== Segment start ==

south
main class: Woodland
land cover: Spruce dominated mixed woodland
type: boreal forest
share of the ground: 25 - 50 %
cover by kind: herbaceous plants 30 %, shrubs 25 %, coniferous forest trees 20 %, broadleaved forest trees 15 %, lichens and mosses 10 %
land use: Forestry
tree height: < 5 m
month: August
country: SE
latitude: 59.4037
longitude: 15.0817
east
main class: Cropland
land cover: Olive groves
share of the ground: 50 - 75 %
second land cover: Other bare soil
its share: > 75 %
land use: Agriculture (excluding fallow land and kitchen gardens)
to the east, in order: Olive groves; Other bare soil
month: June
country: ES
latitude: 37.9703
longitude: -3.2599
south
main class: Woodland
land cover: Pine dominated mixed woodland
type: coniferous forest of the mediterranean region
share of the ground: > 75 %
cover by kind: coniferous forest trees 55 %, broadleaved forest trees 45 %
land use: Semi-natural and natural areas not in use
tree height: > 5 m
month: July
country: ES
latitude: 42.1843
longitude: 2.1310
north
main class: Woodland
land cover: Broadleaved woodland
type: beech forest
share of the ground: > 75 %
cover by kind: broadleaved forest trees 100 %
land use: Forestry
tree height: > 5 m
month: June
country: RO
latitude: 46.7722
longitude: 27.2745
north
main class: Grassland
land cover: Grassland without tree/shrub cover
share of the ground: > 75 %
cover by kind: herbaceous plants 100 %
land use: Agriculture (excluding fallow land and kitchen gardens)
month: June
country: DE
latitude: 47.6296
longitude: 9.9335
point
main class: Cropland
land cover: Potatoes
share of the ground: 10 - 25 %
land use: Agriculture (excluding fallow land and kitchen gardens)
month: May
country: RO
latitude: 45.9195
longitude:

== Segment end ==

Transcribe the entries above so that nothing in them differs from the original.

south
main class: Woodland
land cover: Spruce dominated mixed woodland
type: boreal forest
share of the ground: 25 - 50 %
cover by kind: herbaceous plants 30 %, shrubs 25 %, coniferous forest trees 20 %, broadleaved forest trees 15 %, lichens and mosses 10 %
land use: Forestry
tree height: < 5 m
month: August
country: SE
latitude: 59.4037
longitude: 15.0817
east
main class: Cropland
land cover: Olive groves
share of the ground: 50 - 75 %
second land cover: Other bare soil
its share: > 75 %
land use: Agriculture (excluding fallow land and kitchen gardens)
to the east, in order: Olive groves; Other bare soil
month: June
country: ES
latitude: 37.9703
longitude: -3.2599
south
main class: Woodland
land cover: Pine dominated mixed woodland
type: coniferous forest of the mediterranean region
share of the ground: > 75 %
cover by kind: coniferous forest trees 55 %, broadleaved forest trees 45 %
land use: Semi-natural and natural areas not in use
tree height: > 5 m
month: July
country: ES
latitude: 42.1843
longitude: 2.1310
north
main class: Woodland
land cover: Broadleaved woodland
type: beech forest
share of the ground: > 75 %
cover by kind: broadleaved forest trees 100 %
land use: Forestry
tree height: > 5 m
month: June
country: RO
latitude: 46.7722
longitude: 27.2745
north
main class: Grassland
land cover: Grassland without tree/shrub cover
share of the ground: > 75 %
cover by kind: herbaceous plants 100 %
land use: Agriculture (excluding fallow land and kitchen gardens)
month: June
country: DE
latitude: 47.6296
longitude: 9.9335
point
main class: Cropland
land cover: Potatoes
share of the ground: 10 - 25 %
land use: Agriculture (excluding fallow land and kitchen gardens)
month: May
country: RO
latitude: 45.9195
longitude:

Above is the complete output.